Particularly with regard to direct instruction, examination and information rights, the FISG goes considerably beyond the intervention rights to which BaFin is entitled under the current legal situation, especially under consideration of the relevant EBA guidelines for outsourcing. Supervision - also in outsourcing constellations - has so far mainly focused on the supervised outsourcing company. Through the contractual arrangement with the outsourcing company, the supervised entity has to ensure that BaFin can also exercise its examination and information rights along the outsourcing chain.

BaFin currently has no direct supervisory powers outside of the special audit right under Sect. 44 KWG. The FISG fundamentally changes this. In addition, the legal amendments will also focus much more on non-significant outsourcing than in the past. This must be taken into account when drafting the relevant contracts and has to be corrected with regard to existing outsourcing contracts.

It can perhaps even be said that there is a paradigm shift in the supervision of outsourcing, which leads to a number of follow-up questions:

• Will the ultimate responsibility for the activity to be performed still remain with the supervised company?
• What level of detail in the service descriptions and instruction rights will be required in future if BaFin shall also be able to exercise direct intervention rights vis-à-vis the outsourcing company?
• What differences will there be in the future between significant and non-significant outsourcing with regard to supervisory requirements - and what practical significance will this distinction, which can be structured by the institutions, still have in the future?

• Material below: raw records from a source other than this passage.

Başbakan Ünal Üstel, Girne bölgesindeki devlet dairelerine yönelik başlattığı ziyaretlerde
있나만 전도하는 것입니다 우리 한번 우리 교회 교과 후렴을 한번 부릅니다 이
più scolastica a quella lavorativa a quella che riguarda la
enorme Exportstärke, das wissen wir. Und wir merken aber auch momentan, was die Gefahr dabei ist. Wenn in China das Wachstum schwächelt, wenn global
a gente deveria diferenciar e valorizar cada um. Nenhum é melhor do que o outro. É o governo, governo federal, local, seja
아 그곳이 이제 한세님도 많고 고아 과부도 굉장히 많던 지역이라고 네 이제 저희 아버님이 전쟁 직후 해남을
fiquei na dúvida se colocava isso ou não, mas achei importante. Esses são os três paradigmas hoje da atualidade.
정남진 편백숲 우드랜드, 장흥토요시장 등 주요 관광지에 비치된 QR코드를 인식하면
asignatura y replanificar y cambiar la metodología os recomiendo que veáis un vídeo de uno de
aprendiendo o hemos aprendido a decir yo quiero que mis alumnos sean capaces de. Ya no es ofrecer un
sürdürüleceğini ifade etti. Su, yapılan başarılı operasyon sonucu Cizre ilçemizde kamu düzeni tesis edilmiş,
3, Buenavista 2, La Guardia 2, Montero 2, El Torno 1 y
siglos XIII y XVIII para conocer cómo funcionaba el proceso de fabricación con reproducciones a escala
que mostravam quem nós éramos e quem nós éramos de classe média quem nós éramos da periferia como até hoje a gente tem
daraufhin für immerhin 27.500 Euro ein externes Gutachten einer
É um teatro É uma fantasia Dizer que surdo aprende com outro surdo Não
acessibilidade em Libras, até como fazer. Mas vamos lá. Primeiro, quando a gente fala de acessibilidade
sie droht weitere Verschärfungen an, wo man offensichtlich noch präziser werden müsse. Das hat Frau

These and further questions can only be answered with legal certainty when a new administrative practice of BaFin and ECB develops in relation to the future legal situation. The next but one amendment to the Minimum Requirements for Risk Management (Mindestanforderungen an das Risikomanagement - MaRisk) is expected to include additions and concretisations in this regard.

Commencement

The commencement of the outsourcing-related amendments to KWG, ZAG, KAGB and WpHG is regulated in stages by the FISG. The new obligations of the outsourcing companies, in particular to keep an outsourcing register, to make contractual adjustments as well as to notify intent, execution and changes of material outsourcing also in the context of the KWG, will come into force at the beginning of 2022. In contrast, the expanded supervisory competences of BaFin have already been valid since 1 July 2021. In addition, it must be taken into account that investment firms that, since the end of June, are supervised under the newly introduced Investment Firms Act ("WpIG") instead of under the KWG as before, must already now comply with the extended outsourcing-related obligations.

Need for Action

In view of the legal amendments, it is already necessary to take into account the probable need for adjustments when planning and structuring existing and new outsourcing relationships. Further, companies that have so far only been connected to their outsourcing company as a service provider must take into account the changes in supervisory practice and prepare themselves to be now a direct subject of supervision by BaFin and ECB. In addition, the potential impact of the digitisation-related Digital Operational Resilience Act ("DORA") should be considered, which will cover a sub-area of outsourcing and is expected to amend the new provisions of the FISG in the area of outsourcing again as part of an accompanying law to the regulation.